J’avais sept ans à nouveau, mes cheveux, emmêlés, descendaient jusqu’au bas des reins et je n’avais pas encore besoin de porter un haut de maillot de bain. J’avais un corps comme un trait, sans forme, j’étais libre dans ce corps. Mes pieds solides me portaient de la maison au lac, je plongeais dans les eaux froides, noires et bleues. Sous le ponton, je regardais les reflets de la lumière sur l’eau. J’étais cachée dans l’ombre, de là je pouvais entendre les vacanciers sur la plage, les sirènes des bateaux, le fracas des plongeons. En sautant, pieds joints, bronzés, les enfants déclenchaient une onde de choc qui me déplaçait dans une vague. Mouvement, courant. Je vacillais. Je n’avais pas pied. Je n’avais pas de corps. Je faisais corps avec la matière de l’eau. J’étais un poisson. Des écailles recouvraient mes jambes. Je me cachais sous le ponton parce que je fuyais un grave danger. J’étais dans la peau d’une sirène. Je regardais les humains là bas, marcher sur l’herbe, et je sentais les fonds souterrains m’attirer, je voulais laisser ma tête se recouvrir d’eau, je voulais la sensation enveloppante sur mes joues, mon crâne. Plonger tout au fond, pour y retrouver une cité d’or. Une ville engloutie. 

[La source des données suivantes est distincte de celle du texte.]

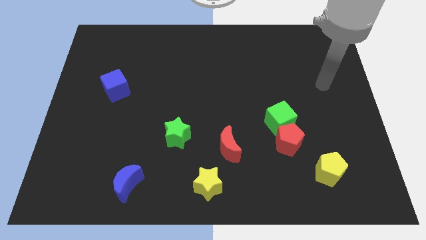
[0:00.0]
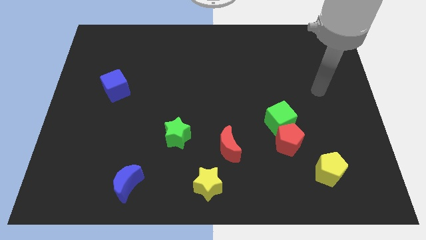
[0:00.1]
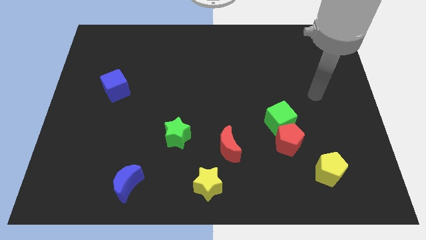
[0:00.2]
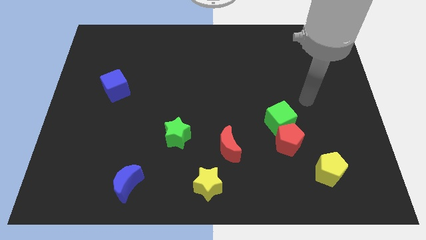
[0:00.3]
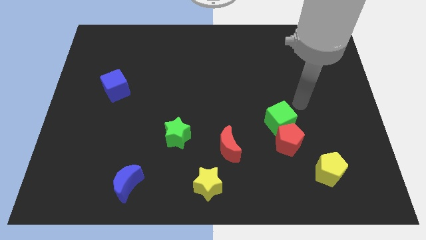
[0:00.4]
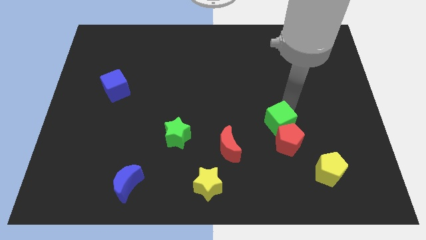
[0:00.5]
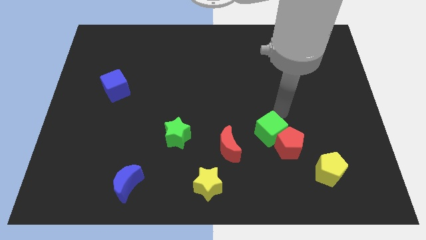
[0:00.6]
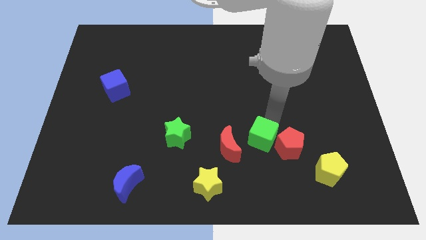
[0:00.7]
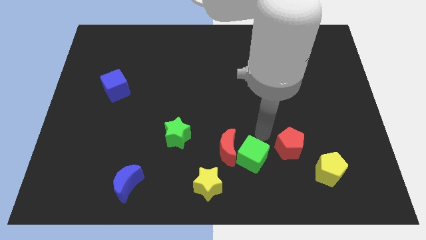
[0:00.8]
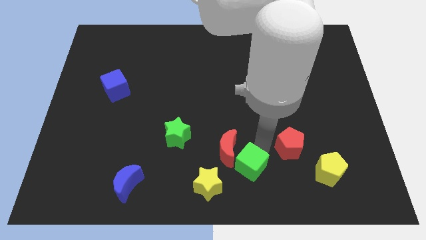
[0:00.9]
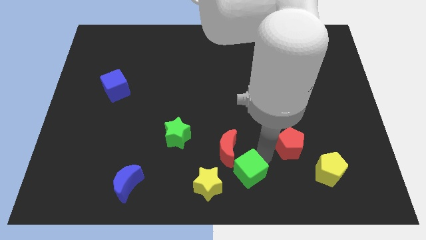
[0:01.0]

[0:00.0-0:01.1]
move the red pentagon away from the green cube

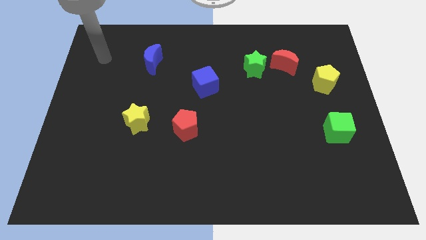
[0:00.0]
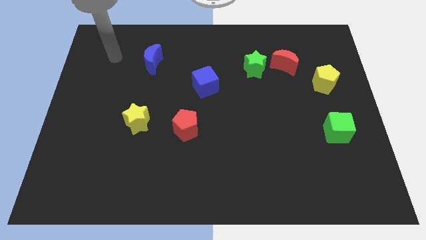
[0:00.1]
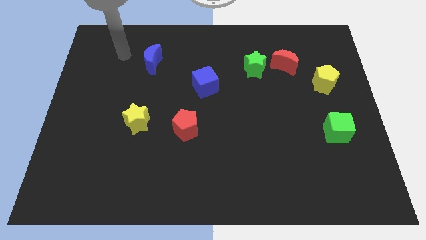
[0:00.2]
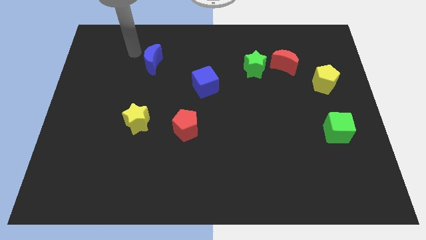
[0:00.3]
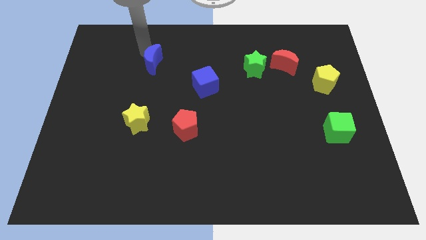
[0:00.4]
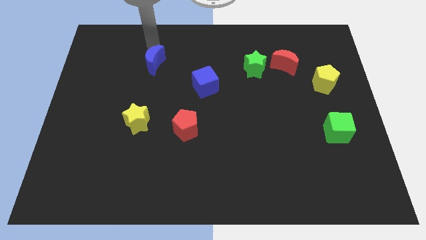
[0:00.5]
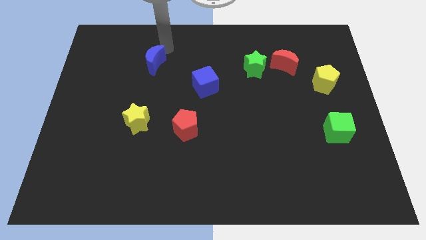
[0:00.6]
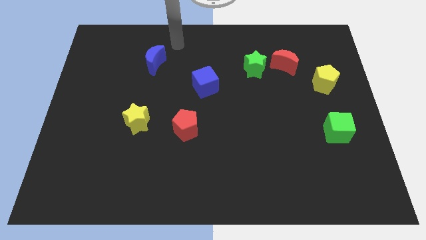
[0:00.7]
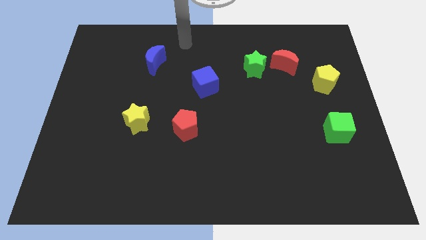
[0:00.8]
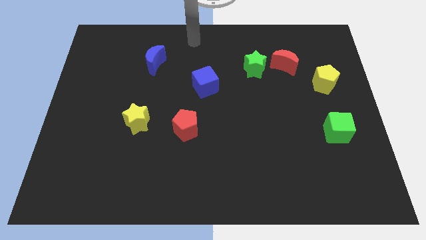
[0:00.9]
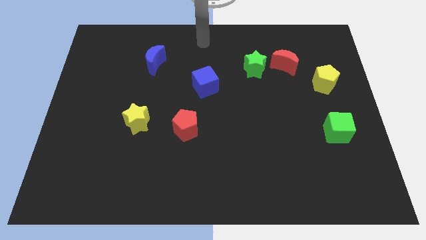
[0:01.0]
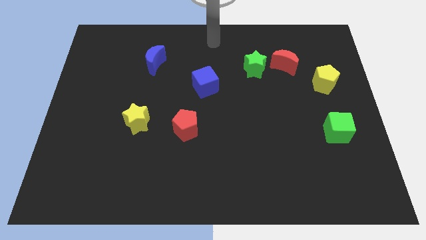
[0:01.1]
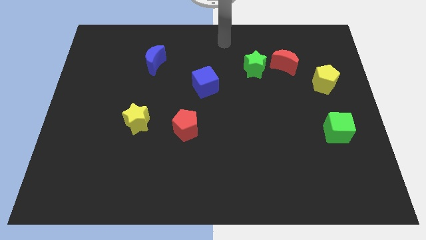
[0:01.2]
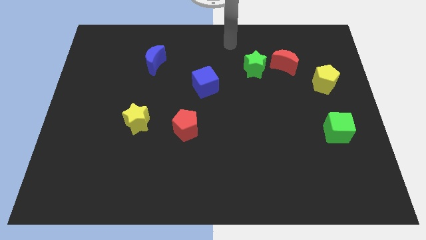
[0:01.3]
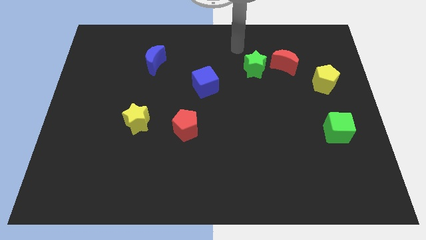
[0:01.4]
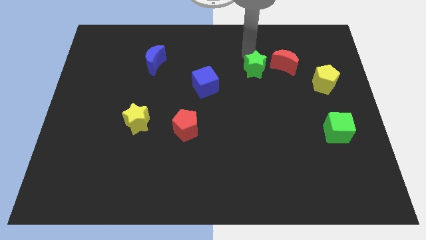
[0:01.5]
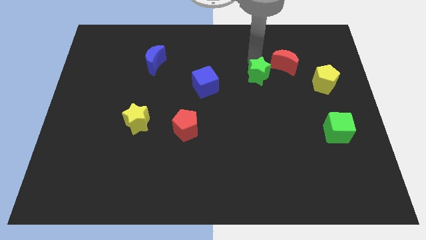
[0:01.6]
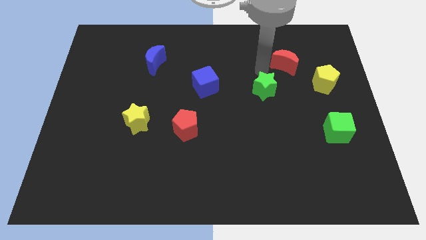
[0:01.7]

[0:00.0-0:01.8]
separate the red moon from the green star

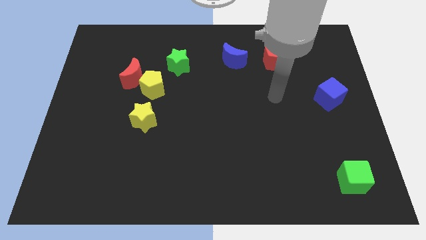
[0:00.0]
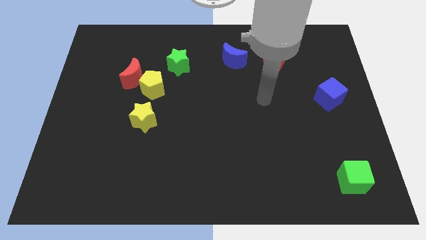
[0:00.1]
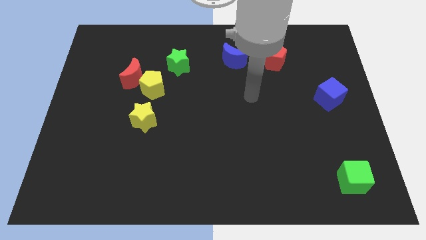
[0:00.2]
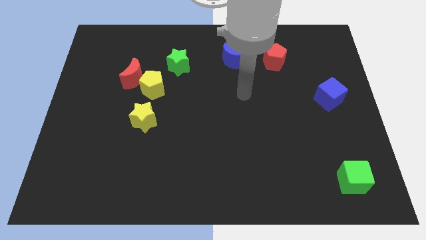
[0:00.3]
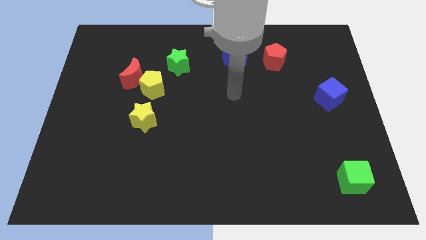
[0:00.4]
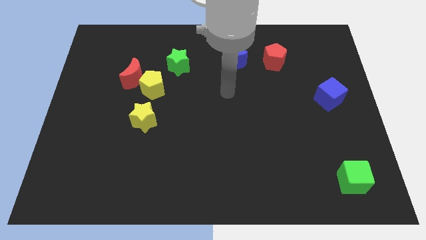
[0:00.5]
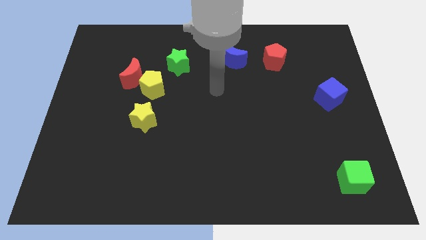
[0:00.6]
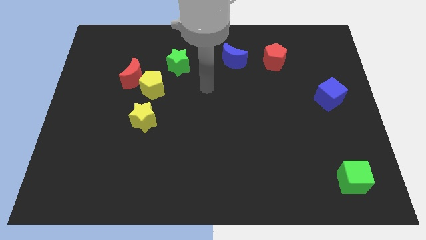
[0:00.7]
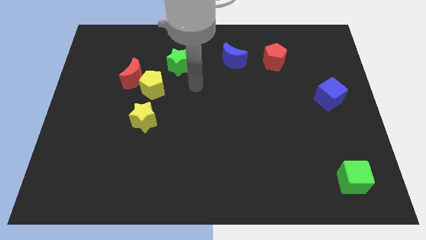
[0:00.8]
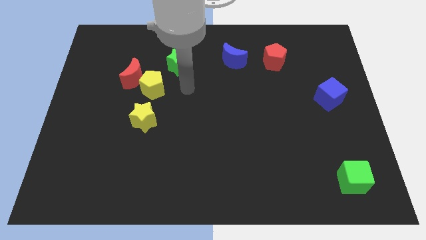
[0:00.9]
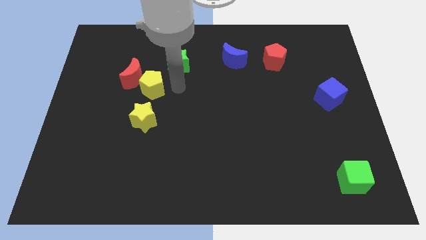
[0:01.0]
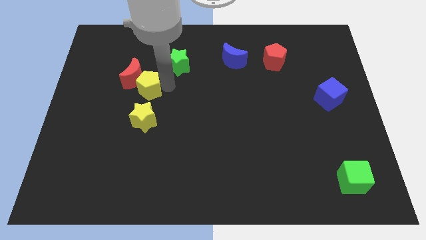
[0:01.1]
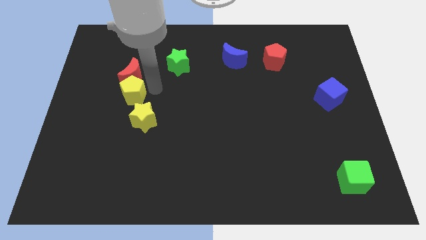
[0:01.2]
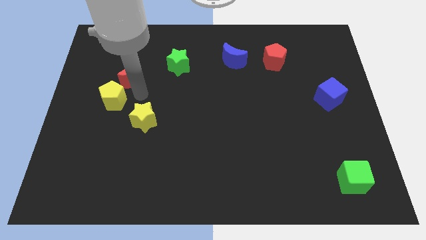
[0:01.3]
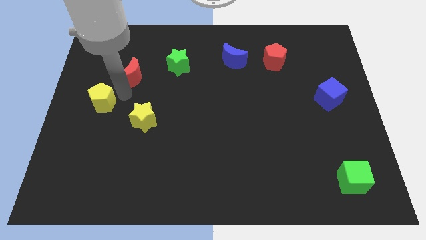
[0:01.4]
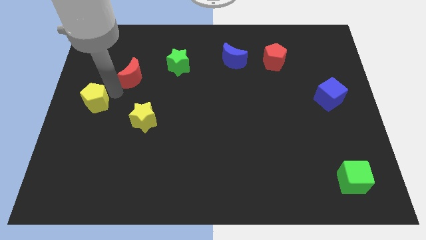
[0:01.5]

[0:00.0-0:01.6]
move the red moon away from the yellow pentagon

Je suis sortie de l’eau, je me suis assise sur ma serviette en coton. Mon cœur battait. Des gouttes glissaient encore dans mon dos.

Ce jour-là, cet instant précis, est toujours resté captif dans ma mémoire. J’ai grandi. J’ai vieilli. J’ai fait des études, j’ai rempli mes impôts. J’ai nettoyé ma salle de bain en écoutant des podcasts. Chaque jour qui passait m’éloignait un peu plus de l’enfant que j’avais été. Quand j’y pensais, je ne disais pas « Je », je disais, « Elle », mesurant par là les années englouties entre nous deux. Elle n’était pas moi. Je n’étais plus elle.

Et puis, un jour, j’ai rêvé dans mon corps de sept ans. Dans l’après-midi, j’ai voulu lui tenir la main. La rame du métro tanguait. Les lumières électriques fatiguaient ma vue. On a marché comme ça. Elle m’a tenu la main. Je l’ai trouvée solide. Ancrée. Je pensais que j’allais la protéger, mais c’est elle qui m’a consolée.